Bates v. United States

522 U.S. 23 (1997)

BATES
v.
UNITED STATES

No. 96-7185.

United States Supreme Court.

Argued October 7, 1997. Decided November 4, 1997. CERTIORARI TO THE UNITED STATES COURT OF APPEALS FOR THE SEVENTH CIRCUIT

*24 *25 Ginsburg, J., delivered the opinion for a unanimous Court.

C. Richard Oren, by appointment of the Court, 520 U. S. 1114, argued the cause and filed briefs for petitioner.

Lisa Schiavo Blatt argued the cause for the United States. With her on the brief were Acting Solicitor General Dellinger, Acting Assistant Attorney General Keeney, Deputy Solicitor General Dreeben, and Daniel S. Goodman.[*]

Justice Ginsburg, delivered the opinion of the Court.

This case concerns the meaning of § 490(a) (Pub. L. 99— 498), 100 Stat. 1491, as added, 20 U. S. C. § 1097(a) (1988 ed.), which declared it a felony "knowingly and willfully" to misapply student loan funds insured under Title IV of the Higher Education Act of 1965. The United States acknowledges that § 1097(a) demanded allegation and proof of the defendant's intentional conversion of loan funds to his own use or the use of a third party. The question presented is whether § 1097(a) demanded, in addition, allegation and proof that the defendant specifically intended to injure or defraud someone—either the United States as loan guarantor, as the District Court read the measure, or another. We hold, in accord with the Court of Appeals, that specific intent to injure or defraud someone, whether the United States or another, is not an element of the misapplication of funds proscribed by § 1097(a).

I

The indictment in this case, App. 2-12, alleged the following facts. James and Laurenda Jackson owned and operated *26 Education America, Inc., a for-profit consulting and management firm for technical and vocational schools. In December 1986, the Jacksons acquired the Acme Institute of Technology, a not-for-profit technical school located in South Bend, Indiana, which offered associate degree programs in electronic engineering, and tool, die, and plastics mold design.
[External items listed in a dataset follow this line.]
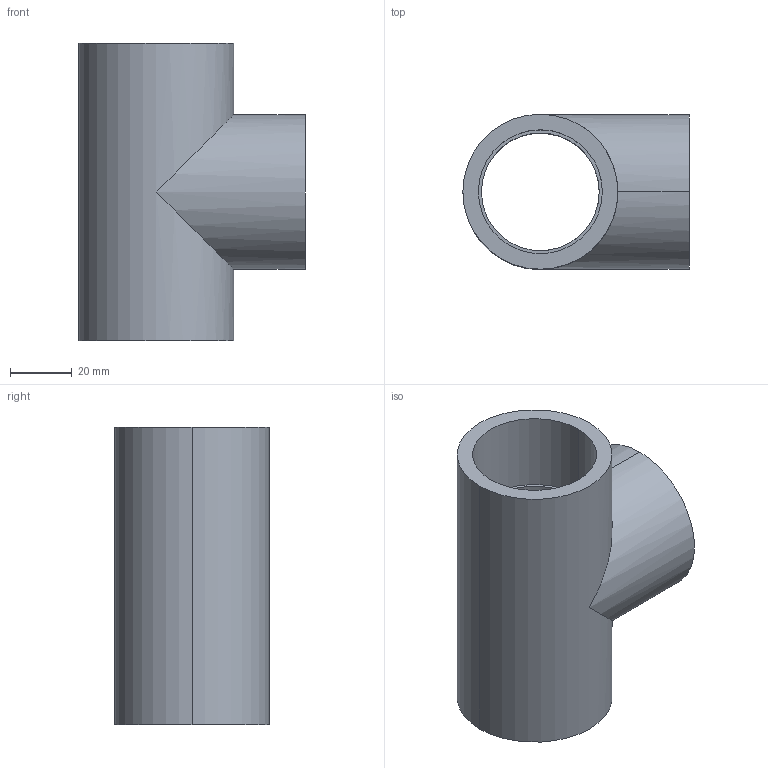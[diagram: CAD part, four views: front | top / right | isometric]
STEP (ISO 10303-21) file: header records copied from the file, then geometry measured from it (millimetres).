
FILE_DESCRIPTION(('STEP AP214'),'1');
FILE_NAME('tic040.stp','2018-04-16T13:38:56',('TraceParts'),('TraceParts S.A.'),'Spatial InterOp 3D',' ',' ');
FILE_SCHEMA(('automotive_design'));
Length unit declared in the file: millimetre
Products named in the file (1): tic040
Bounding box: 73 x 50 x 96 mm (x, y, z)
Volume: 86498.1 mm3; surface area: 34900.5 mm2
Topology: 1 solids, 1 shells, 20 faces, 48 edges, 32 vertices
Faces by surface type: cylinder 14, plane 6
Entity records: 796 total; most frequent: DIRECTION 122, CARTESIAN_POINT 101, ORIENTED_EDGE 96, AXIS2_PLACEMENT_3D 53, EDGE_CURVE 48, VERTEX_POINT 32, EDGE_LOOP 26, CIRCLE 24

After the acquisition, the Jacksons appointed Bates— then the vice president of Education America—to serve as treasurer of Acme's board of trustees.

On April 30, 1987, James Jackson, as president of Acme, signed a program participation agreement with the Department of Education that authorized the school to receive student loan checks through the Title IV federal Guaranteed Student Loan (GSL) program. See 20 U. S. C. § 1070 et seq. (1988 ed.).[1] Acme's participation hinged upon both its continued accreditation by an approved accrediting association and Jackson's promise to comply with all applicable statutes and regulations.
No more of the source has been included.